%%

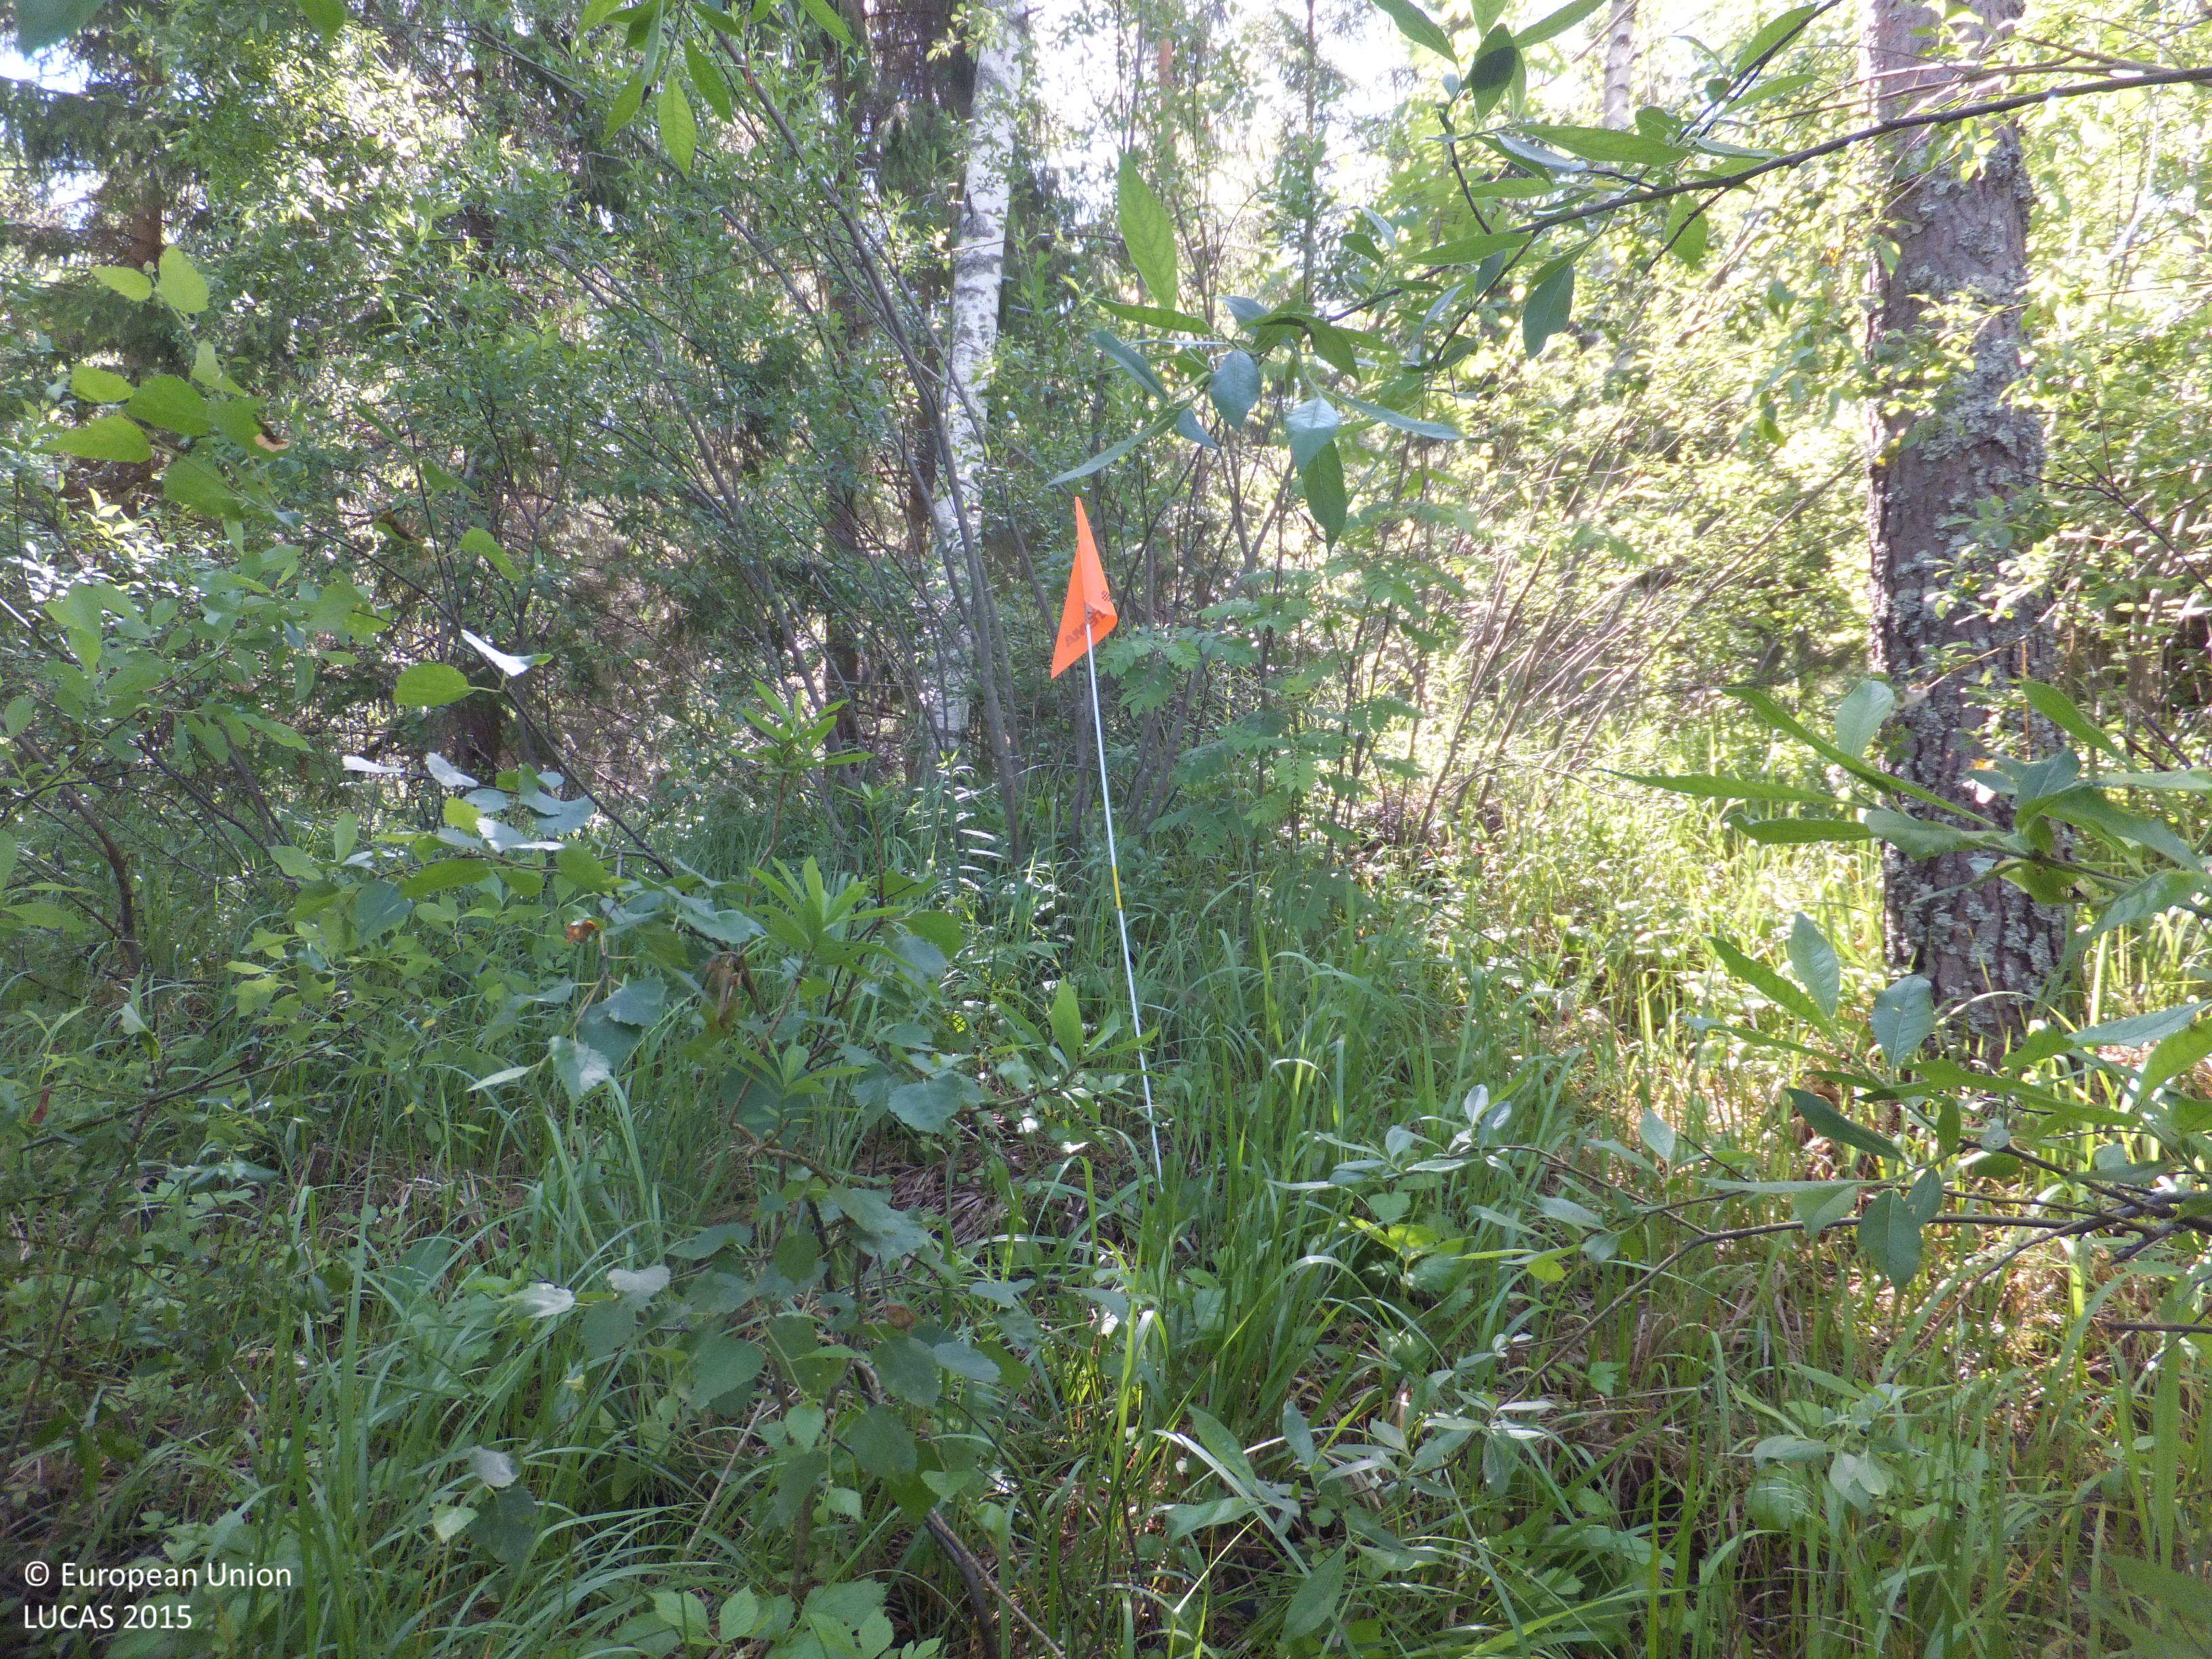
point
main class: Woodland
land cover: Other mixed woodland
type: boreal forest
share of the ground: > 75 %
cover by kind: coniferous forest trees 40 %, broadleaved forest trees 35 %, herbaceous plants 20 %, shrubs 5 %
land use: Forestry
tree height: > 5 m
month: July
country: FI
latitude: 63.1320
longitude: 23.9768

%%

Instructions for the task: Copy, exactly as written, the lines above, beginning with the one that contains "share of the ground: > 75 %" and ending with the last.

Answer section:
share of the ground: > 75 %
cover by kind: coniferous forest trees 40 %, broadleaved forest trees 35 %, herbaceous plants 20 %, shrubs 5 %
land use: Forestry
tree height: > 5 m
month: July
country: FI
latitude: 63.1320
longitude: 23.9768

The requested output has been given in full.